» RECORDS FOR THE TASK

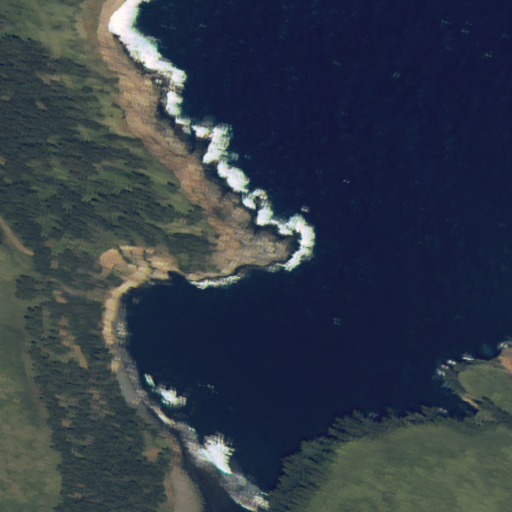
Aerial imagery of cape in Hawaii named Kaheo Point containing only unknown
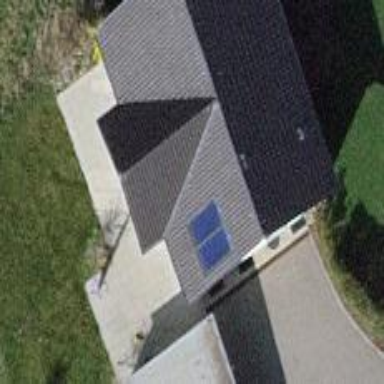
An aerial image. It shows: Simple house.
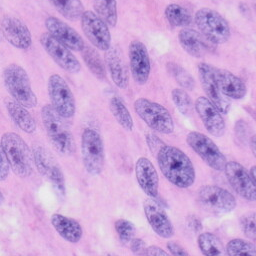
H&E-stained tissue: Skin
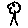
Label: tree
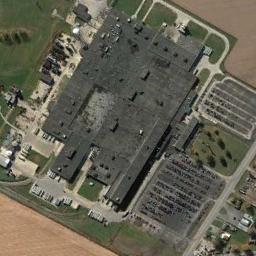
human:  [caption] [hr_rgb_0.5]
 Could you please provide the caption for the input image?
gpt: There are many houses of different shapes and sizes in the industrial zone .

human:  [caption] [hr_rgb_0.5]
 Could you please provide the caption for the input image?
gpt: In an industrial area there are factories and roads, There are open-air items, And there is good greening .

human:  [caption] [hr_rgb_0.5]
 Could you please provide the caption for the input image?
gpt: Different buildings in the industrial area have different orientations .

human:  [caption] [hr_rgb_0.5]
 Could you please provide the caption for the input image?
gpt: The industrial area has lots of industrial equipment and a big building on the lawn .

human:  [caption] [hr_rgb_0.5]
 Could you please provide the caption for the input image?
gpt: There are many cars on the parking lot beside a gray building on the industrial area .

» PROBLEM REQUIREMENTS
Although the records above include pictures, the copy must contain only their exact text.

» FINAL ANSWER
Aerial imagery of cape in Hawaii named Kaheo Point containing only unknown
An aerial image. It shows: Simple house.
H&E-stained tissue: Skin
Label: tree
human:  [caption] [hr_rgb_0.5]
 Could you please provide the caption for the input image?
gpt: There are many houses of different shapes and sizes in the industrial zone .

human:  [caption] [hr_rgb_0.5]
 Could you please provide the caption for the input image?
gpt: In an industrial area there are factories and roads, There are open-air items, And there is good greening .

human:  [caption] [hr_rgb_0.5]
 Could you please provide the caption for the input image?
gpt: Different buildings in the industrial area have different orientations .

human:  [caption] [hr_rgb_0.5]
 Could you please provide the caption for the input image?
gpt: The industrial area has lots of industrial equipment and a big building on the lawn .

human:  [caption] [hr_rgb_0.5]
 Could you please provide the caption for the input image?
gpt: There are many cars on the parking lot beside a gray building on the industrial area .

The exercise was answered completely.